▶ TASK TO CARRY OUT: Copy out each line of the data that contains "gradientUnits".

▶ DATASET:
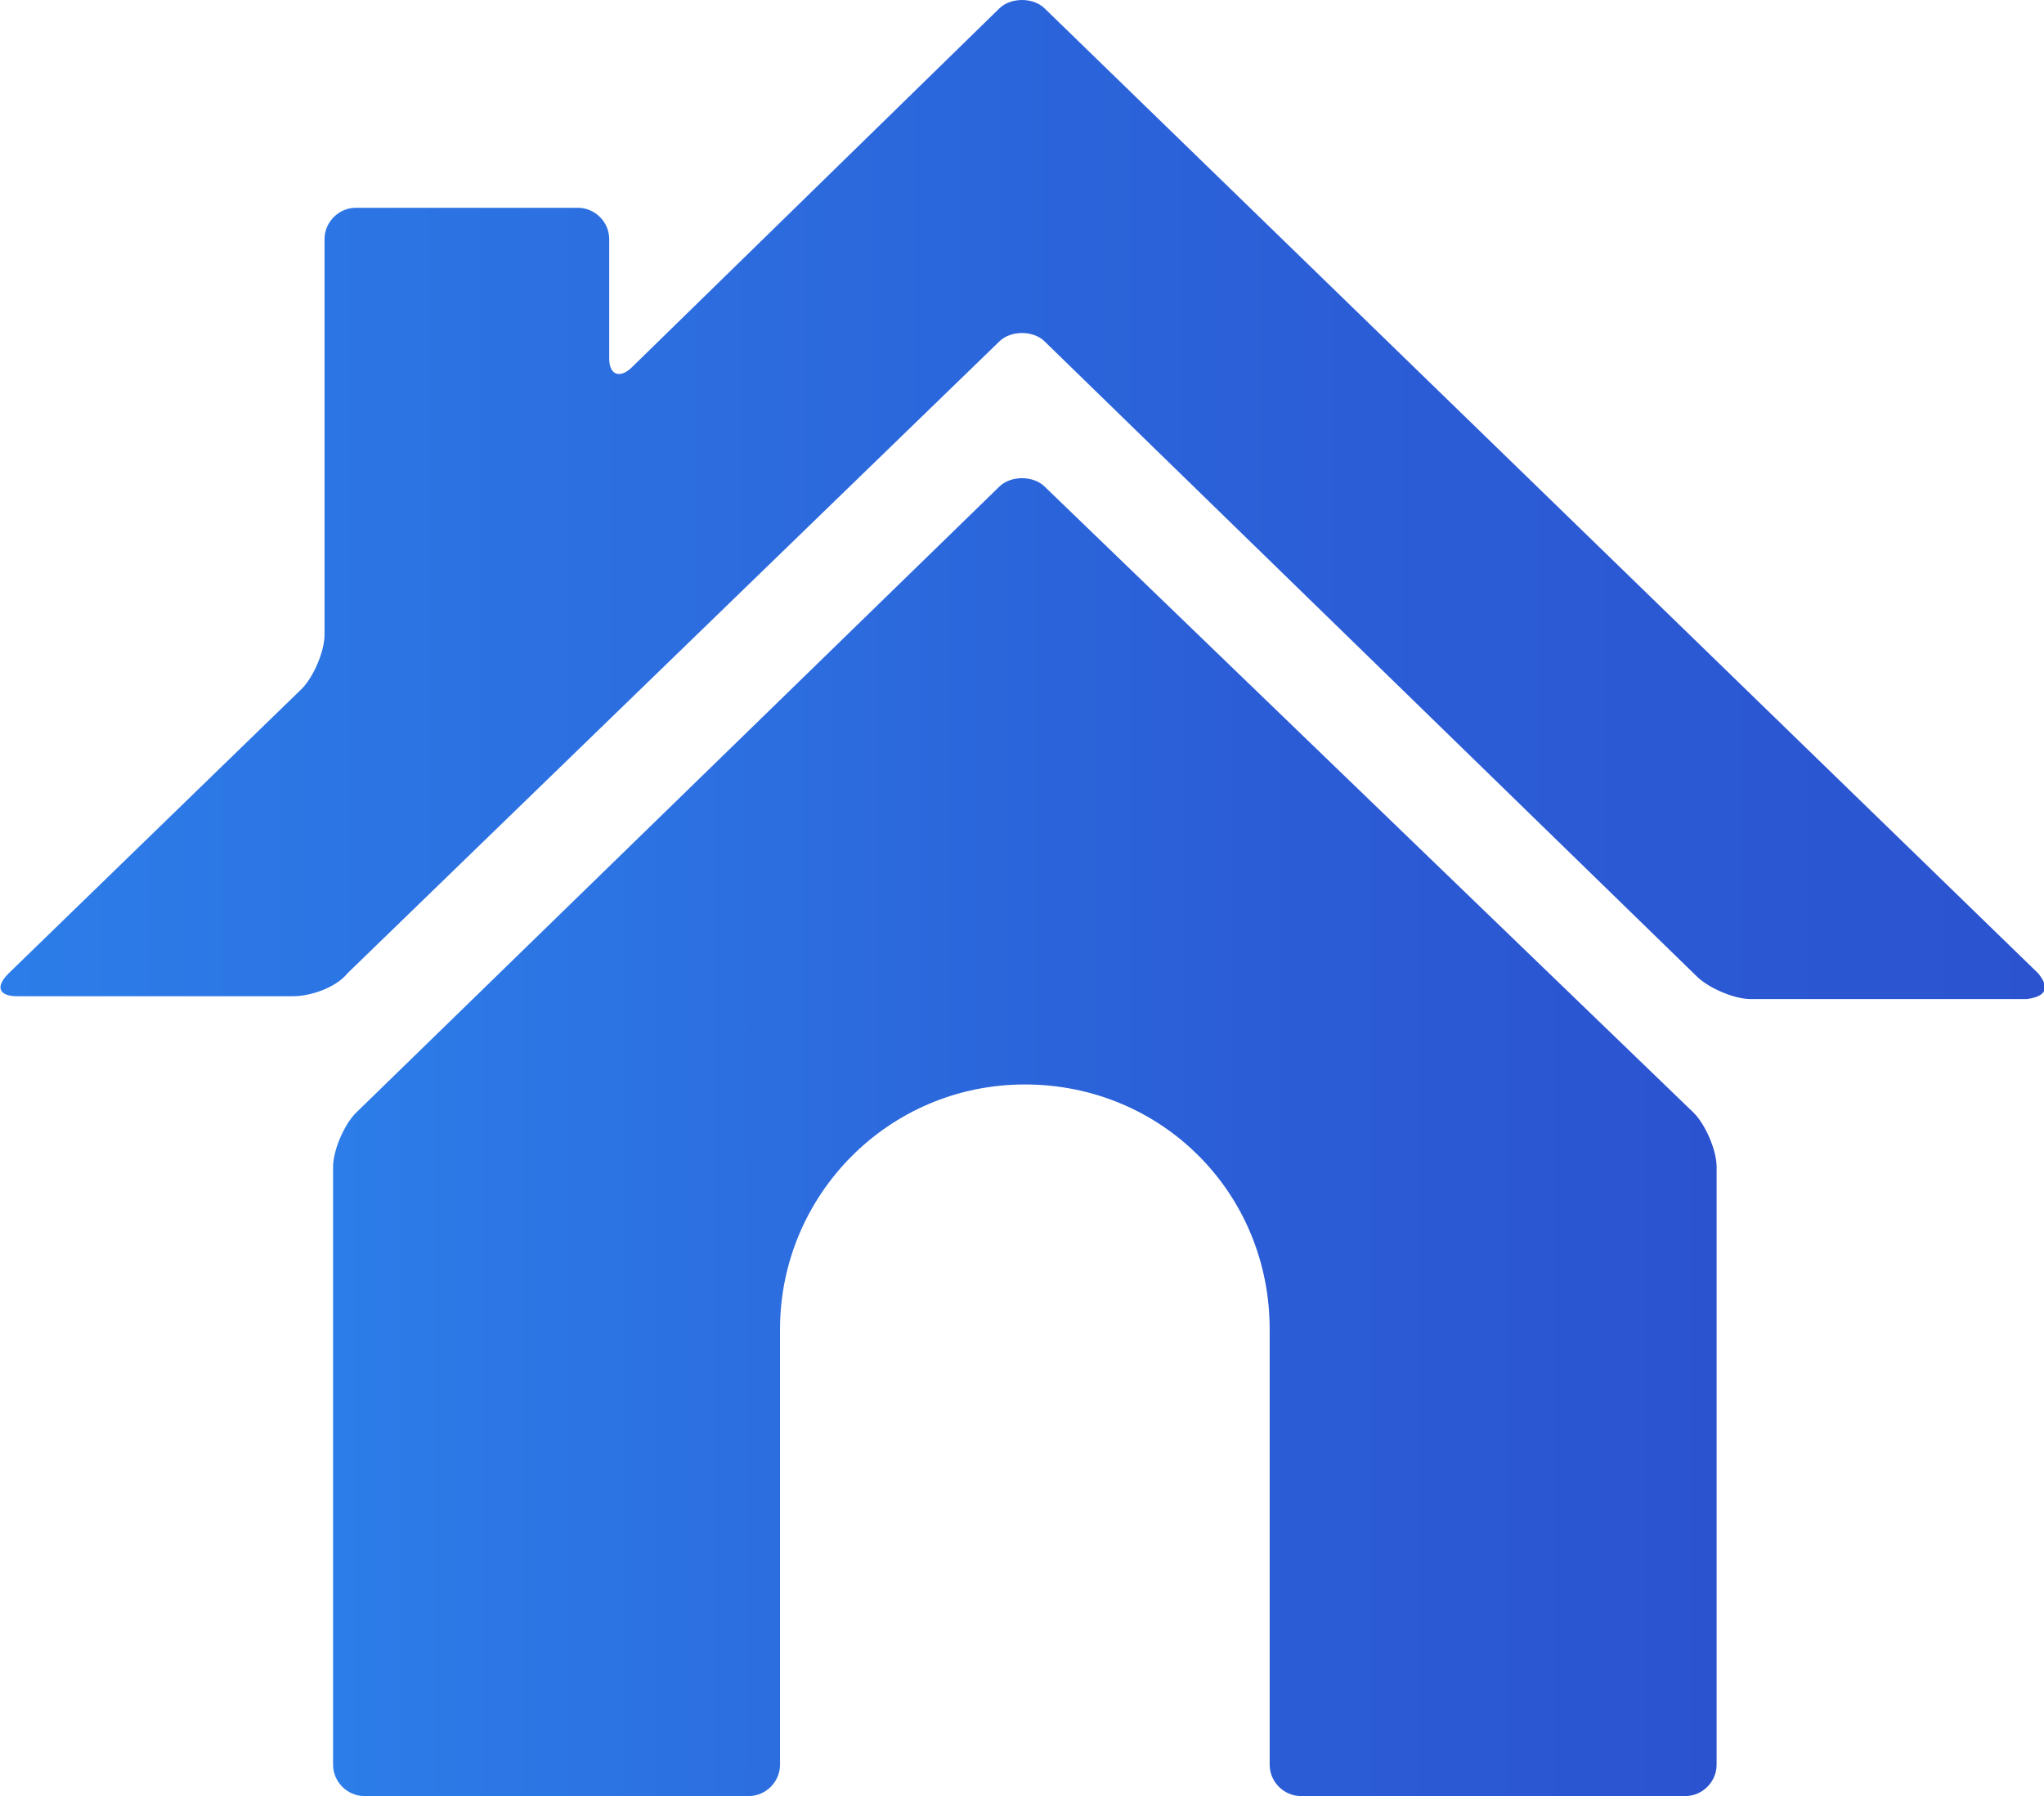 <?xml version="1.0" encoding="utf-8"?>
<!-- Generator: Adobe Illustrator 23.0.3, SVG Export Plug-In . SVG Version: 6.00 Build 0)  -->
<svg version="1.1" id="Layer_1" xmlns="http://www.w3.org/2000/svg" xmlns:xlink="http://www.w3.org/1999/xlink" x="0px" y="0px"
	 viewBox="0 0 71.8 63.1" style="enable-background:new 0 0 71.8 63.1;" xml:space="preserve">
<style type="text/css">
	.st0{fill:url(#SVGID_1_);}
	.st1{fill:url(#SVGID_2_);}
</style>
<g>
	<linearGradient id="SVGID_1_" gradientUnits="userSpaceOnUse" x1="0" y1="17.511" x2="71.822" y2="17.511">
		<stop  offset="0" style="stop-color:#2C7DE9"/>
		<stop  offset="0.118" style="stop-color:#2C77E5"/>
		<stop  offset="0.67" style="stop-color:#2B5DD6"/>
		<stop  offset="1" style="stop-color:#2B53D0"/>
	</linearGradient>
	<path class="st0" d="M71.6,34.2L36.7,0.3c-0.4-0.4-1.2-0.4-1.6,0L22.2,12.9c-0.4,0.4-0.8,0.3-0.8-0.3V8.4c0-0.6-0.5-1.1-1.1-1.1
		h-7.8c-0.6,0-1.1,0.5-1.1,1.1v13.9c0,0.6-0.4,1.5-0.8,1.9l-10.3,10C-0.2,34.7,0,35,0.6,35h9.7c0.6,0,1.5-0.3,1.9-0.8L35.1,12
		c0.4-0.4,1.2-0.4,1.6,0l22.9,22.3c0.4,0.4,1.3,0.8,1.9,0.8h9.7C71.9,35,72,34.7,71.6,34.2z"/>
	<linearGradient id="SVGID_2_" gradientUnits="userSpaceOnUse" x1="11.712" y1="39.924" x2="60.184" y2="39.924">
		<stop  offset="0" style="stop-color:#2C7DE9"/>
		<stop  offset="0.118" style="stop-color:#2C77E5"/>
		<stop  offset="0.67" style="stop-color:#2B5DD6"/>
		<stop  offset="1" style="stop-color:#2B53D0"/>
	</linearGradient>
	<path class="st1" d="M36.7,17.1c-0.4-0.4-1.2-0.4-1.6,0l-22.6,22c-0.4,0.4-0.8,1.3-0.8,1.9v4.1c0,0.6,0,1.6,0,2.2V62
		c0,0.6,0.5,1.1,1.1,1.1h13.5c0.6,0,1.1-0.5,1.1-1.1V48.1c0-0.6,0-1.2,0-1.3c0,0,0,0,0-0.1c0-4.7,3.8-8.6,8.6-8.6s8.6,3.8,8.6,8.6
		c0,0.1,0,0.1,0,0.1c0,0.1,0,0.7,0,1.3V62c0,0.6,0.5,1.1,1.1,1.1h13.5c0.6,0,1.1-0.5,1.1-1.1V43.6c0-0.6,0-1.1,0-1.1s0-0.5,0-1.1V41
		c0-0.6-0.4-1.5-0.8-1.9L36.7,17.1z"/>
</g>
</svg>

▶ WORKED SOLUTION:
	<linearGradient id="SVGID_1_" gradientUnits="userSpaceOnUse" x1="0" y1="17.511" x2="71.822" y2="17.511">
	<linearGradient id="SVGID_2_" gradientUnits="userSpaceOnUse" x1="11.712" y1="39.924" x2="60.184" y2="39.924">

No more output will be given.